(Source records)
=-=-=

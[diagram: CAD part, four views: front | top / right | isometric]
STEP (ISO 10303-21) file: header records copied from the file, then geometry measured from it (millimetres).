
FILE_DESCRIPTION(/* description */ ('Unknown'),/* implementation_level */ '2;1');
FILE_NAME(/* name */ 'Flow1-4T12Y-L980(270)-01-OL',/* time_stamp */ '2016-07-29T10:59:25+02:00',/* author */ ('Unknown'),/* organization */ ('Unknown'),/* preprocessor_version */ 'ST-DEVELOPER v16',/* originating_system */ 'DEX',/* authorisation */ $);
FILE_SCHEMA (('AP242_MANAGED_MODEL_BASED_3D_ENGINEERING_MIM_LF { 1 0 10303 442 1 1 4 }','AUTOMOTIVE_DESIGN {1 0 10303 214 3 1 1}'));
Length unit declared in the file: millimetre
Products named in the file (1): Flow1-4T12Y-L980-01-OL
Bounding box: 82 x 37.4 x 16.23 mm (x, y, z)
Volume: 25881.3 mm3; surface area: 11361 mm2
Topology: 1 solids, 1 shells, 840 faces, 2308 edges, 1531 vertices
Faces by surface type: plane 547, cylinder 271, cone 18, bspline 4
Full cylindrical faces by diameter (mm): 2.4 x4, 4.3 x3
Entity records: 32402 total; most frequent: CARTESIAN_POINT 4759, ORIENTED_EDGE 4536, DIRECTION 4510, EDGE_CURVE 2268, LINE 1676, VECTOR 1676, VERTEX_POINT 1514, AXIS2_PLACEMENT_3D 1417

=-=-=

EXERCISE BRIEF
All that should appear in the response is the run of lines from the first line of the entries through the line containing "FILE_NAME(/* name */", copied exactly.

EXERCISE OUTPUT
[diagram: CAD part, four views: front | top / right | isometric]
STEP (ISO 10303-21) file: header records copied from the file, then geometry measured from it (millimetres).
FILE_DESCRIPTION(/* description */ ('Unknown'),/* implementation_level */ '2;1');
FILE_NAME(/* name */ 'Flow1-4T12Y-L980(270)-01-OL',/* time_stamp */ '2016-07-29T10:59:25+02:00',/* author */ ('Unknown'),/* organization */ ('Unknown'),/* preprocessor_version */ 'ST-DEVELOPER v16',/* originating_system */ 'DEX',/* authorisation */ $);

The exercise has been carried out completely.